Many measures exist to quantify the quality of a specific classification such as measures, derived from the confusion table, which consist of the number of False Positives, False Negatives, True Positives and True Negatives exist (Broadhurst and Kell 2006). For the Case individuals, the fraction of True positives is referred to as the sensitivity while the fraction of False Positives is referred to as (1-specificity). Combining the two leads to the receiver operator characteristic (ROC) that we will use in this paper. The ROC unifies two characteristics that are often used to evaluate the performance of a (clinical) test or method. A ROC curve plots the sensitivity of a test versus 1-specificity of a test. The sensitivity is defined as the number of true positives found as a percentage of all positives (diseased people), while 1-specificity is the number of false positives as a percentage of all negatives (controls, healthy people). Sensitivities are between 0 and 1 and should be close to 1. The specificity should preferably be close to 1, and 1-specificity should be close to 0. Both specificity and sensitivity depend on the setting of the classification boundary of the classifier used by a method. By shifting the classification boundary more true positives may be detected, but the number of false positives also increases, and the other way around. The ROC curve therefore is a characteristic of a method, describing the sensitivity and specificity of a method for different classification boundaries. Each point on a line gives the sensitivity of a classifying model versus 1-specificity of the model. Each point on the ROC curve refers to a value chosen for the classifier boundary. Instead of choosing 0 as the classified boundary, one can select a slightly lower value to increase the sensitivity of class +1. Of course this goes together with a loss of 1-specificity. As a quality measure we use the area under the ROC curve (AUROC). This value goes to 1 for a perfect separation between the classes. If there is no separation then a value close to 0.5 is obtained.

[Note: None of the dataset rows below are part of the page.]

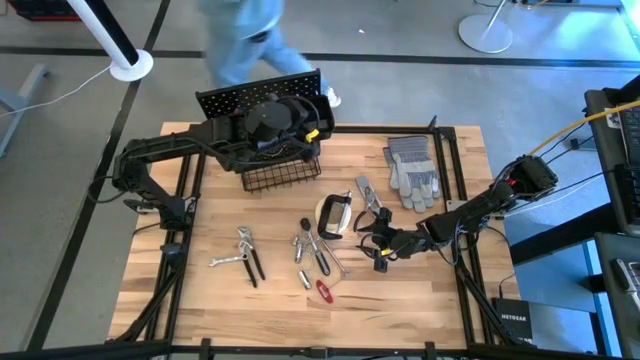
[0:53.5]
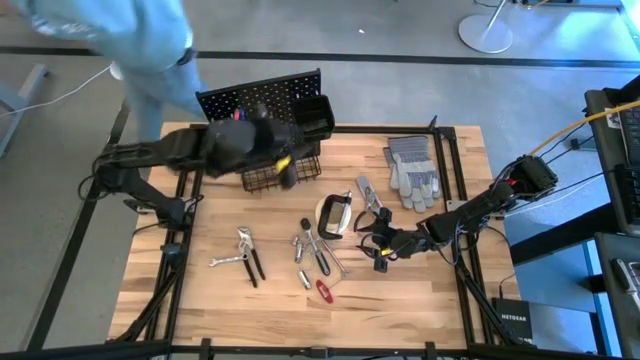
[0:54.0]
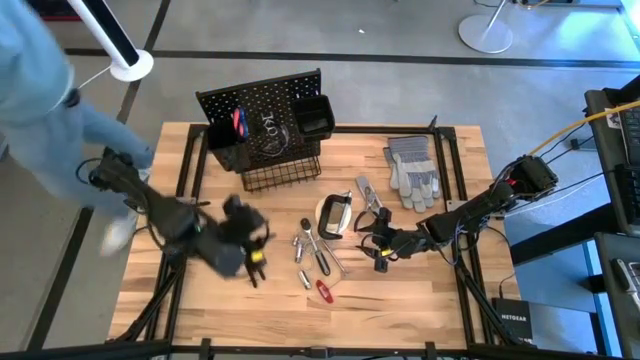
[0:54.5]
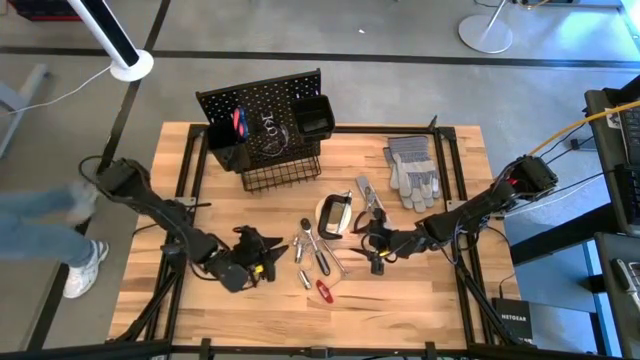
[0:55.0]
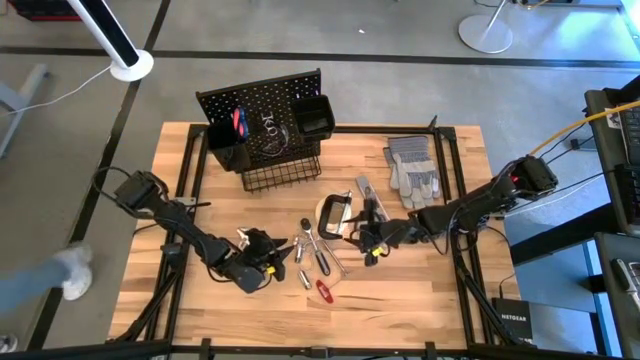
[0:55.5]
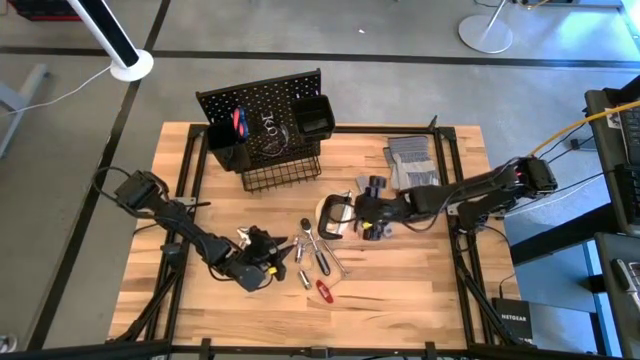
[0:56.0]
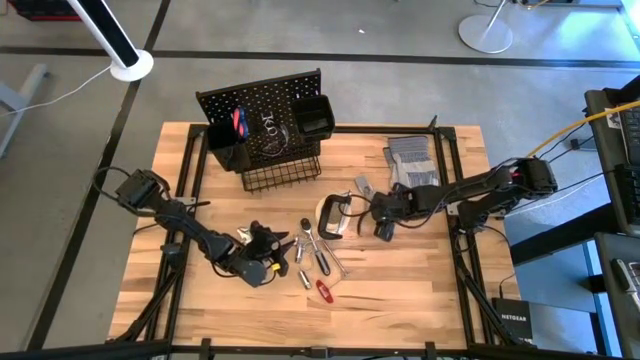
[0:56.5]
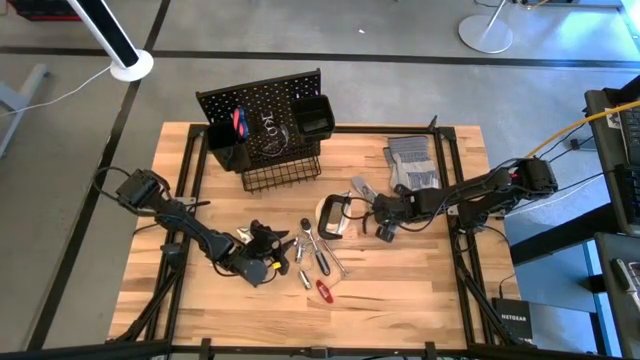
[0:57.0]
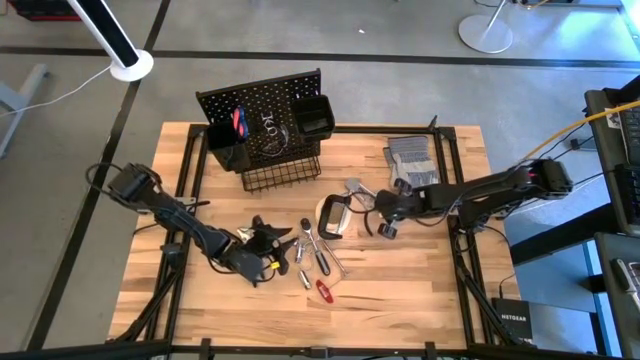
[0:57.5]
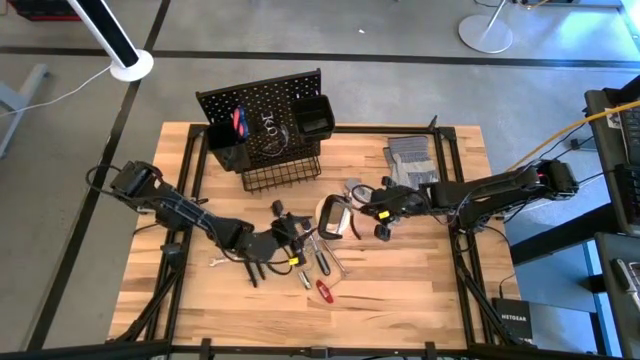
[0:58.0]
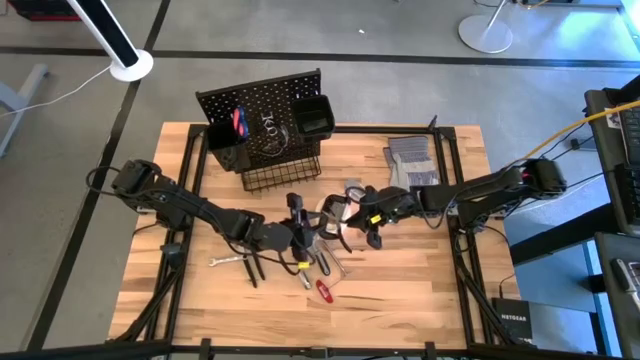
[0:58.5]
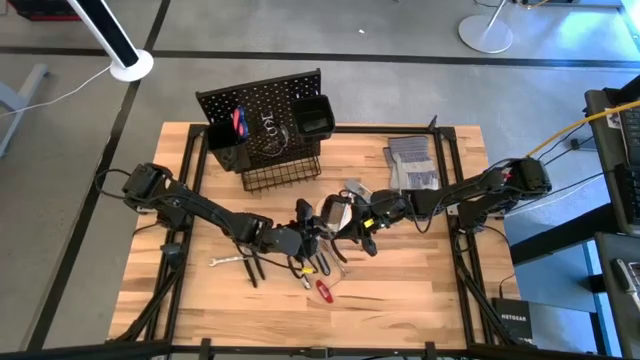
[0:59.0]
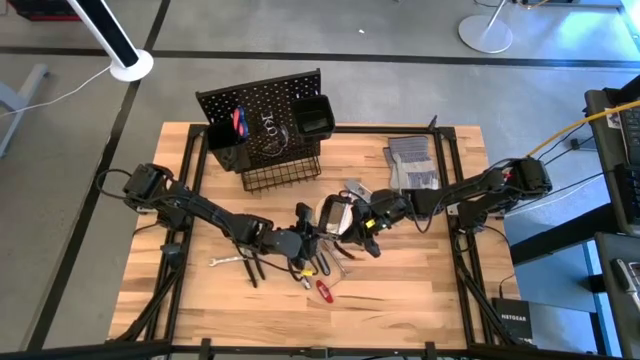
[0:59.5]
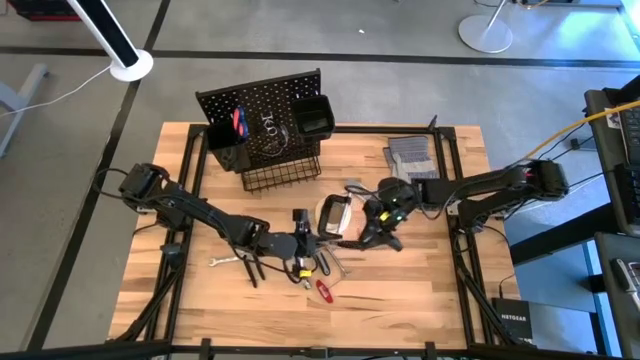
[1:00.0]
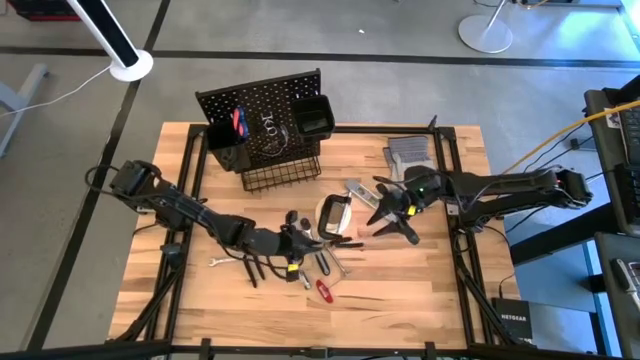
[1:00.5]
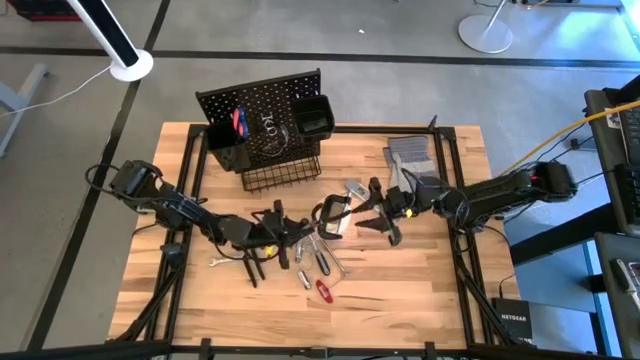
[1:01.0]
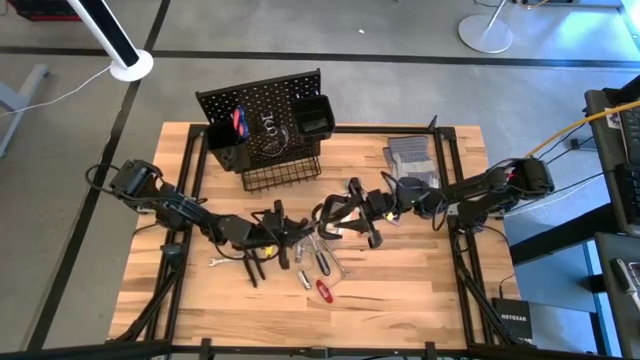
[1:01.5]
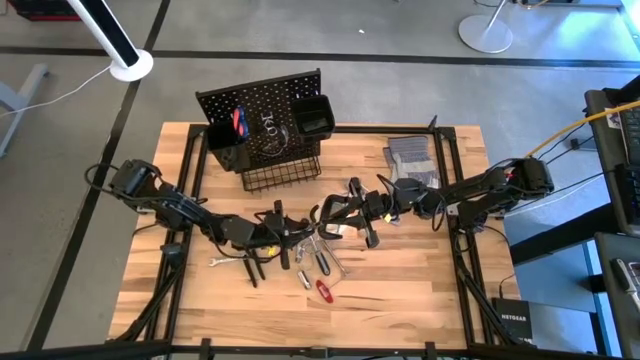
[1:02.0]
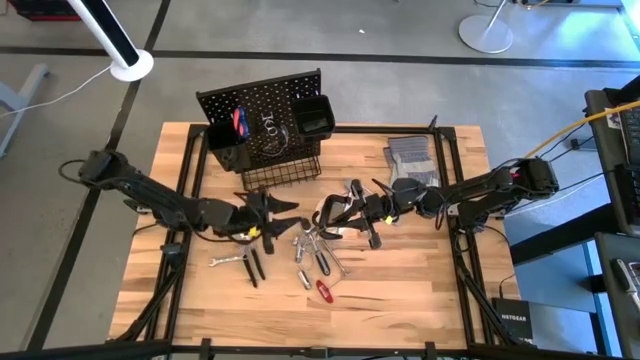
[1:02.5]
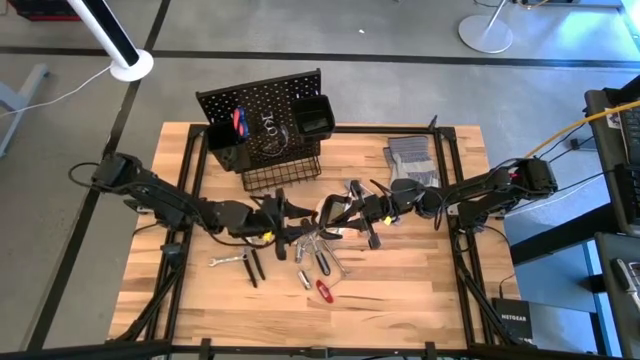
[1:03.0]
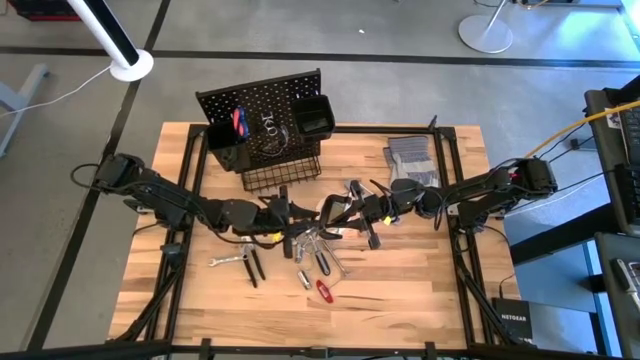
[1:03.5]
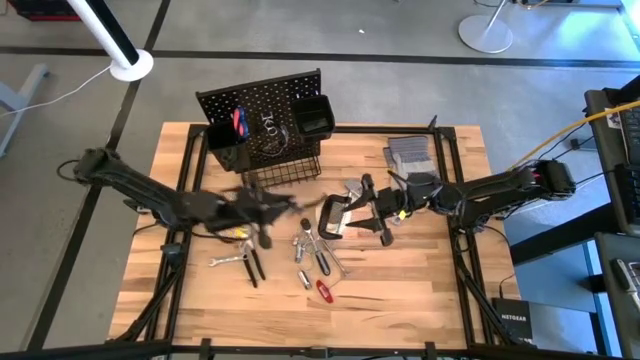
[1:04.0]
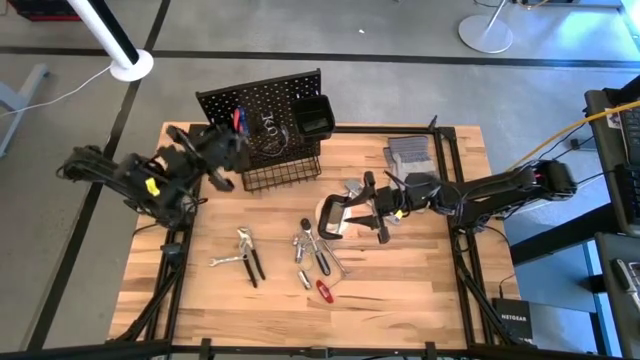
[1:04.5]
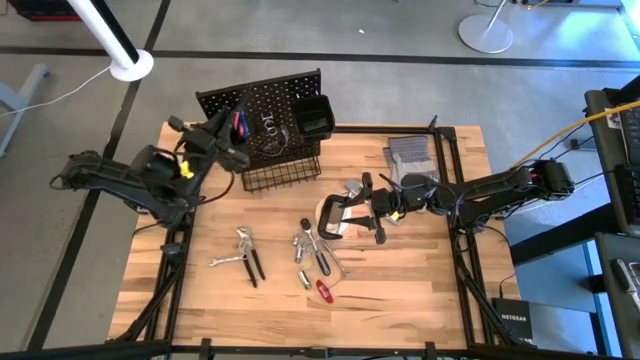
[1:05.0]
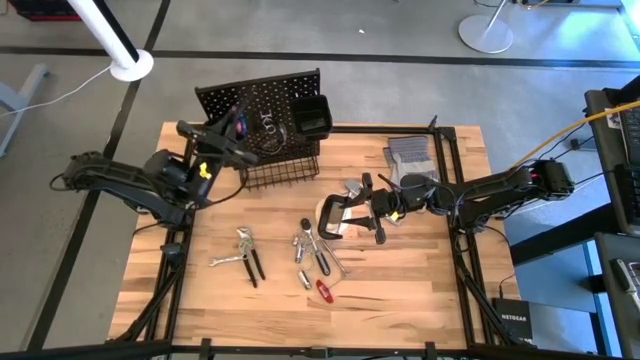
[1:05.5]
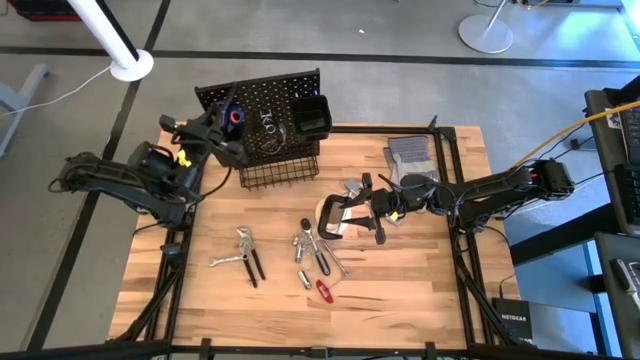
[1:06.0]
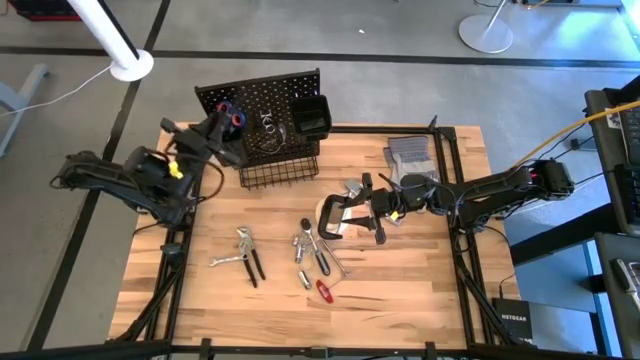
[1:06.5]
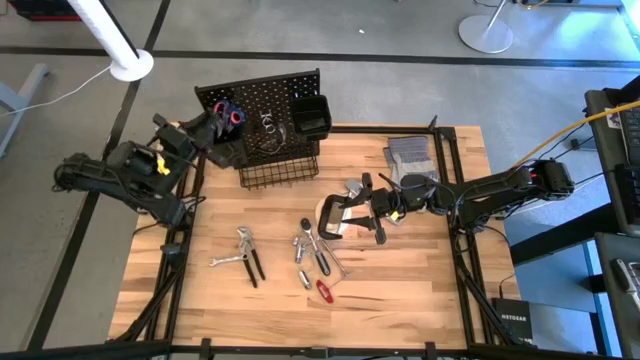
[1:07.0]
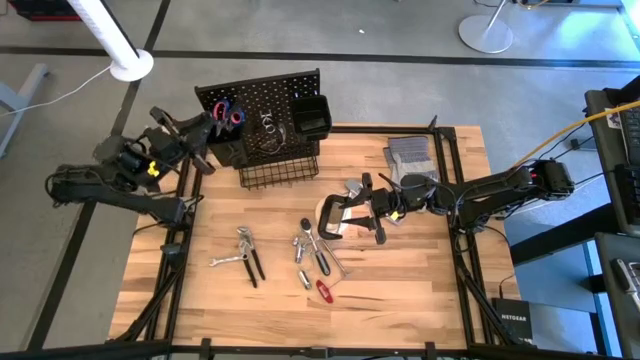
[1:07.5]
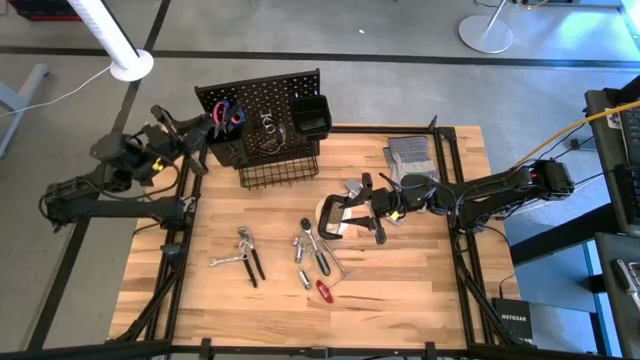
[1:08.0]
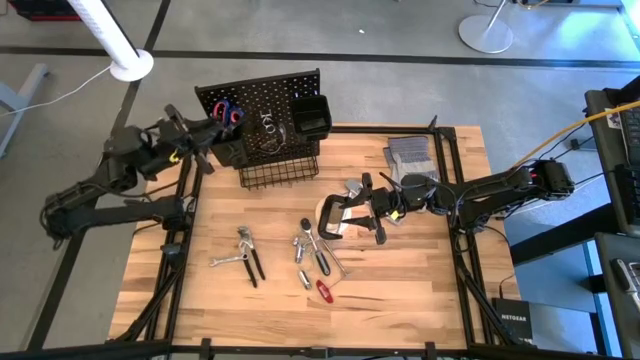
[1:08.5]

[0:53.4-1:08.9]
Task: Hang tools onto peg board
Put the black pliers into the left black bin on the pegboard

The prediction error measure Q2, which is the default parameter used in PLSDA discriminations focuses on how well the class label can be predicted from new data. Q2 is defined as follows:

$$ Q^{2} = 1 - \frac{{{\sum\limits_i {{\left( {y_{i} - \hat{y}_{i} } \right)}^{2} } }}} {{{\sum\limits_i {{\left( {y_{i} - \ifmmode\expandafter\bar\else\expandafter\=\fi{y}} \right)}^{2} } }}} $$

where \( \hat{y}_{i} \) refers to the predicted value of class membership for sample i while \( \ifmmode\expandafter\bar\else\expandafter\=\fi{y} \) refers to the mean value of y for all samples. The optimal Q2 value of 1 is difficult to reach as this requires that the class prediction of each individual should be exactly equal to its class label. This is hard to get due to the inherent variation between the individuals in the same class. The Q2 depends on the between class separation but also on the within class variability. This makes it difficult to give a general Q2 value that corresponds to a good classification. Therefore we use permutations to provide a whole distribution of Q2 values for models of no effect to relate the original Q2 value to.

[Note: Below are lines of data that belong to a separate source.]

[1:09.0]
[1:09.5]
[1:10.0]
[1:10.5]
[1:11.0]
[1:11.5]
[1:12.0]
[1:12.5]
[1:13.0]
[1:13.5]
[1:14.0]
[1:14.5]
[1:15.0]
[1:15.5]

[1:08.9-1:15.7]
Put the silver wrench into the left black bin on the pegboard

The ROC and number of misclassifications are both classification error measures (they only make a distinction between good and wrongly classified). The Q2 value is a prediction error that makes a distinction between slightly wrong and very wrong. A prediction of −0.2 is penalized more than a prediction of 0.4 for a class label of 1 while the classification error measures treat these predictions both equally as wrong. In a further study we will examine the power of these measures.

3 Experimental

3.1 Human urine samples

Twenty-four-hour urine samples were collected from 23 healthy male and female volunteers in the age range between 19 and 78 years, i.e. 12 women (mean age: 42.0 years, range: 20–78 years) and 11 men (mean age: 44.4 years, range: 19–74 years). All samples were stored frozen at −20°C prior to analysis and thawed on the day of analysis.

3.2 1H NMR Spectroscopy

1H NMR spectra were acquired at 600.13 MHz on a Bruker Avance 600 spectrometer. Urine samples were prepared for 1H NMR spectroscopy by diluting 300 μl of urine 1:1 with 2H2O, followed by spinning down non-soluble particles for 10 min at 14,000 rpm in an Eppendorf centrifuge. Urine NMR spectra were measured at 303 K using a standard water-suppressed 1D-NOESY pulse sequence, i.e. RD-90°-t1-90°-tm-90°-acquire. Here, RD is a relaxation delay of 1.5 s during which the water resonance was selectively irradiated, and t1 corresponds to a fixed delay of 0.15 s. A total of 128 transients were collected into 32 k data points, with a spectral width of 7,000 Hz. Prior to Fourier transform (FT) the free induction decays (FIDs) were multiplied by a 0.3-Hz exponential line-broadening function and zero-filled by a factor of 2.All spectra were manually phase- and baseline-corrected using XWINNMR (Bruker GmbH, Germany), and referenced internally to the creatinine methyl peak at δ 3.10.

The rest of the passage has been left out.